Here’s an actual example from the CommonsenseQA training set:
Question: After getting drunk people couldn’t understand him, it was because of his what?
Choices: Lower standards, slurred speech, or falling down
CoS-E: People who are drunk have difficulty speaking
This first phase generated its own improvement. “When I trained a deep network on these explanations just by using the human commonsense explanations as training, we got significant improvements in performance, even though it did not have these explanations at that time,” Rajani says. “Although we still don’t understand why we caused that performance improvement, we can speculate that the network learned to reason about how the world works using this information in the explanation and use it as the ability to perform better at test time.”
The second phase of training involved CommonsenseQA training and validation data sets. “These CAGE explanations are provided to a second commonsense reasoning model by concatenating it to the end of the original question, answer choices, and output of the language model,” the authors write in the paper. “The two-phase CAGE framework obtains state-of-the-art results outperforming the best reported baseline by 10% and also produces explanations to justify
In essence, the CAGE framework was able to generate answers to questions on topics for which it had no previous training. The framework was able to infer the correct answers based on previous answers to multiple choice questions on other topics that were related, but not directly, to the topic in the question at hand.
As the researchers trained the CAGE-boosted NLP models, they would periodically prompt it by asking the question “My common sense tells me.” The progress was fascinating to watch, according McCann.
“At first, if you just take this language model at its initial stage, it will generate things that are somewhat reasonable grammatically but are quite far from human explanations. It doesn’t really know what we mean by asking it for common sense,” he says.

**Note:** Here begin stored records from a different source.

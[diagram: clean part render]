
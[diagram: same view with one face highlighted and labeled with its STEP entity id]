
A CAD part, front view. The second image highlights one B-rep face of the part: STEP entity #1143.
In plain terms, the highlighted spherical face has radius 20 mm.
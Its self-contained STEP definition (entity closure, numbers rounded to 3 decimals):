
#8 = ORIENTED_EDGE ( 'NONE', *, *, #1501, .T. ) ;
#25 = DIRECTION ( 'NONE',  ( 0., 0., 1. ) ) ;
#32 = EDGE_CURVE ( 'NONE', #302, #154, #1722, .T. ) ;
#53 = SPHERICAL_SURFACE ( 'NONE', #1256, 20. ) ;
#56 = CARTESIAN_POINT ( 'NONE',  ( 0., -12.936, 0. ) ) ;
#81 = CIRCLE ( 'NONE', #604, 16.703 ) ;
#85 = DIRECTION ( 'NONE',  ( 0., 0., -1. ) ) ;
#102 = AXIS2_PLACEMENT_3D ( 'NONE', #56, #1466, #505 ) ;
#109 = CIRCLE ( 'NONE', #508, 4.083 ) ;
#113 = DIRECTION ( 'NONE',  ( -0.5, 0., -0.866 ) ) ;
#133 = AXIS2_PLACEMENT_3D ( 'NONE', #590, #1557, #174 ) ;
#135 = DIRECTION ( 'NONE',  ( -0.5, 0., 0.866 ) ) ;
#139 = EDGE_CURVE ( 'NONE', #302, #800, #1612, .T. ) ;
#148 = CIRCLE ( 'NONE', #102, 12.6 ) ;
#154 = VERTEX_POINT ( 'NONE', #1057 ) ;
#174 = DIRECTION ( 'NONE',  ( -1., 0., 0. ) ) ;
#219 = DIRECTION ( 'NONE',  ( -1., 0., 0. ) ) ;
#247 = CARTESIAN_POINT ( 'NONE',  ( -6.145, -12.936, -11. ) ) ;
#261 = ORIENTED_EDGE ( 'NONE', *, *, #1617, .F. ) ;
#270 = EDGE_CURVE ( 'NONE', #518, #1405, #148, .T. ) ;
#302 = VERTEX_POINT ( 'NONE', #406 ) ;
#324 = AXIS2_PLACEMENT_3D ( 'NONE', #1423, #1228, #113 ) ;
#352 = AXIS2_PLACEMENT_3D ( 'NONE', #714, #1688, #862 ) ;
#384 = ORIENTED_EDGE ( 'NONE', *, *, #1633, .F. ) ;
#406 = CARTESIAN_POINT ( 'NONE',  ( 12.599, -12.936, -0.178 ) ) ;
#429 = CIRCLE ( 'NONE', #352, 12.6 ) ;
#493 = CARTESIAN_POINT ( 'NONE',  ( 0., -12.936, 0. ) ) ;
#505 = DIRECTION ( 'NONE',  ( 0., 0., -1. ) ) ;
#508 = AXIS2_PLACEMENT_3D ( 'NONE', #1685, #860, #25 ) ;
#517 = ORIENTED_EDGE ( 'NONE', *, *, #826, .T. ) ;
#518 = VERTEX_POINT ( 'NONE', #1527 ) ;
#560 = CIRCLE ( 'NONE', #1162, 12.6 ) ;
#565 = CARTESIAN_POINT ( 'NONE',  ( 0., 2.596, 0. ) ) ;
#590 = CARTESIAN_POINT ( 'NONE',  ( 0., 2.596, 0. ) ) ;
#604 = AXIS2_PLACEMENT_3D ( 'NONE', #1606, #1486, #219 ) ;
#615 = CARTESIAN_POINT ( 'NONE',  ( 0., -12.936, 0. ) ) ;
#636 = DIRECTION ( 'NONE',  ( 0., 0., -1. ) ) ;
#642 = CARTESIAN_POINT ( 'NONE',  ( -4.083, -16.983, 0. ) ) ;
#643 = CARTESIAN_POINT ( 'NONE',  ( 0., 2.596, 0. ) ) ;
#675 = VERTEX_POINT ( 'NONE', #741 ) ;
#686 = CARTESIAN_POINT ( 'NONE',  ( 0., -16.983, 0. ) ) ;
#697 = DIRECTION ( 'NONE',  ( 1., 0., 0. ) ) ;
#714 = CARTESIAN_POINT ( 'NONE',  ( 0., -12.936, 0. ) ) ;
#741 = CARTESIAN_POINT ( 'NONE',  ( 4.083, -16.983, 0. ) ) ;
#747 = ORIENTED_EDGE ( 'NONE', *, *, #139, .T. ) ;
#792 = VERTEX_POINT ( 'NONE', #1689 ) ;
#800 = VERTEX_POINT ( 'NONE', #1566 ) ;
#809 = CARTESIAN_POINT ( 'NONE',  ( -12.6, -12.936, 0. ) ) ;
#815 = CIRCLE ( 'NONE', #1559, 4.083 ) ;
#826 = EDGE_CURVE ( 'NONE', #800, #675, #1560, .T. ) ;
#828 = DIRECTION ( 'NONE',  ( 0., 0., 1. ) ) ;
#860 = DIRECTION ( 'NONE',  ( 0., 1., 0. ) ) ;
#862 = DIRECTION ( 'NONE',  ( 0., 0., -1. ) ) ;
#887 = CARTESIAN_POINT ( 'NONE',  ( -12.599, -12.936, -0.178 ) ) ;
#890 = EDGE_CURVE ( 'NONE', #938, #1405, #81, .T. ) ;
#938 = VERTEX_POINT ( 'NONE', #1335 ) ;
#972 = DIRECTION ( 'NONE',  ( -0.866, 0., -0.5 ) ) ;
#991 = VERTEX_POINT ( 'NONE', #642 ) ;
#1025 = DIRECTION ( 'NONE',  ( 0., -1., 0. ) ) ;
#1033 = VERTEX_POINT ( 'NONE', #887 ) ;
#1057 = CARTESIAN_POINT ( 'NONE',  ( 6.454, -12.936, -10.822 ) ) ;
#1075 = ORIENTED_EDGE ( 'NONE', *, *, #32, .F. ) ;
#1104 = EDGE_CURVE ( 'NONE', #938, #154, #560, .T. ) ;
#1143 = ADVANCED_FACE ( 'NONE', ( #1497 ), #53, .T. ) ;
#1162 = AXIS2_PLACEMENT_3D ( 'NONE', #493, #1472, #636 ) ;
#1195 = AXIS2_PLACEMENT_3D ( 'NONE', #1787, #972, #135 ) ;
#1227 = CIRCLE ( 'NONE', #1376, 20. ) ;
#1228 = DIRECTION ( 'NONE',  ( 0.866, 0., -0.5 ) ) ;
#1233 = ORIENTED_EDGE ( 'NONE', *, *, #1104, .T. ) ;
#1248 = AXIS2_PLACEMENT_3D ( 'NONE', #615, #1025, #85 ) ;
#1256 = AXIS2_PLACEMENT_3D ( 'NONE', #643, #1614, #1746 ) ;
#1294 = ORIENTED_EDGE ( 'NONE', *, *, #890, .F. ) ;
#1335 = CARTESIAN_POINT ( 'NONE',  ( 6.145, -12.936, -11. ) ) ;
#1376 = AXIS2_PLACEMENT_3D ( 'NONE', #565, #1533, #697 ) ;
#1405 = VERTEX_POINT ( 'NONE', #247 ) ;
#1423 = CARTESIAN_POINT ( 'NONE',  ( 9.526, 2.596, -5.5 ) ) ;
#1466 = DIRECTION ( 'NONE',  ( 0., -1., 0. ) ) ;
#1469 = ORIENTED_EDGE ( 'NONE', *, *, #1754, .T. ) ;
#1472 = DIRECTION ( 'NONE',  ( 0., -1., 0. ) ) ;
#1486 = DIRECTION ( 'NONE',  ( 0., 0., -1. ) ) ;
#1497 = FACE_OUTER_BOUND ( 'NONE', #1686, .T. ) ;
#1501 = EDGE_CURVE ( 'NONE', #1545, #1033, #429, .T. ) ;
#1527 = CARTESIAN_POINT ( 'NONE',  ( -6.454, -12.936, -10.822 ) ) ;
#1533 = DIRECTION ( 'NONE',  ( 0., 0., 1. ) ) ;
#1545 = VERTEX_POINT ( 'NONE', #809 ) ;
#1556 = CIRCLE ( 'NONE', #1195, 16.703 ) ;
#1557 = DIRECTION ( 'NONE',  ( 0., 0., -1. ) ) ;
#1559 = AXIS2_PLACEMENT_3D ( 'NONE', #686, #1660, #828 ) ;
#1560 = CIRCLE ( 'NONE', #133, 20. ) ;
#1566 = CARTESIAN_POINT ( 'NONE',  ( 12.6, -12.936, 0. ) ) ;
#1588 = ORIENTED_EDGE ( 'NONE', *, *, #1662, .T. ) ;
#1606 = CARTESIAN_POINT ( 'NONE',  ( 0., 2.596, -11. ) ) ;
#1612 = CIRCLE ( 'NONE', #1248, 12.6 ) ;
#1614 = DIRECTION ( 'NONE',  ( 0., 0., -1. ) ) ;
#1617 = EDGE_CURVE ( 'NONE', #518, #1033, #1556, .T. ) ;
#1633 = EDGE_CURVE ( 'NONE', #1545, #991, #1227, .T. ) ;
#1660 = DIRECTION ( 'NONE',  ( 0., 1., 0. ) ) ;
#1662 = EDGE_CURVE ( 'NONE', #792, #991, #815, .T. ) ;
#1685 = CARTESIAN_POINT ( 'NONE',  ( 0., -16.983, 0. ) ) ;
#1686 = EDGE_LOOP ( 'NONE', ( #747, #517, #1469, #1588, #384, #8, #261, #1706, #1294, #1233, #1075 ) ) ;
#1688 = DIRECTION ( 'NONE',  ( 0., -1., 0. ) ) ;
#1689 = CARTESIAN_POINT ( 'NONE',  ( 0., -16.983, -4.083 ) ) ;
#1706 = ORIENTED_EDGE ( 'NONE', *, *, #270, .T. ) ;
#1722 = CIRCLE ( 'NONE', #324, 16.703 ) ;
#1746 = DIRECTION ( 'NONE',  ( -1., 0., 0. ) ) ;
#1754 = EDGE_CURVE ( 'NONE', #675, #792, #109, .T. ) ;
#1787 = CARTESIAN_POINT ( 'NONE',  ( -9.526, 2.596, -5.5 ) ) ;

“What we found was, after a course of a couple hours of training, we are able to get it to be quite close to our COS-E datasets, the human explanation. This is really interesting, because we’ve actually taken a language model that apparently has just read a lot of stuff but doesn’t really know how to connect it or provide it in a useful way to us. And we’ve fine-tuned it to provide a sense of what we want for an explanation.
“It’s not just answering the question directly, in a lot of cases,” McCann continues. “It’s actually providing whatever information it knows about the things that appear in that context. So if it’s talking about lamps, it might mention lighting, or if it’s talking about cups, it might mention liquids that go in cups. Or for dark places, it will mention things around darkness. In that way these explanations are tapping into the latent information inside the language model built up after reading about all these words in different context, and pulling that out in the form of explanations that we can appreciate as humans.”
The technology is still in its nascent stages. However, there are several promising directions applications that this approach to commonsense reasoning could take. There are obvious uses for bolstering the explainability of AI for NLP use cases. But it could also potentially be used for computer vision, the researchers say.
“We’re trying to look into different modalities as well, such as visual commonsense reasoning, where there might be an image or a theme you have to reason over, and our language model would have to ground its common sense in that,” McCann says. “We’re hoping in the end that it makes it into … any setting where an algorithm is possibly dealing with someone who’s using language who’s a little more subtle, a little more ambiguous, and they don’t realize that they’re using common sense allusions, but the model will now be able to pick up on that information.”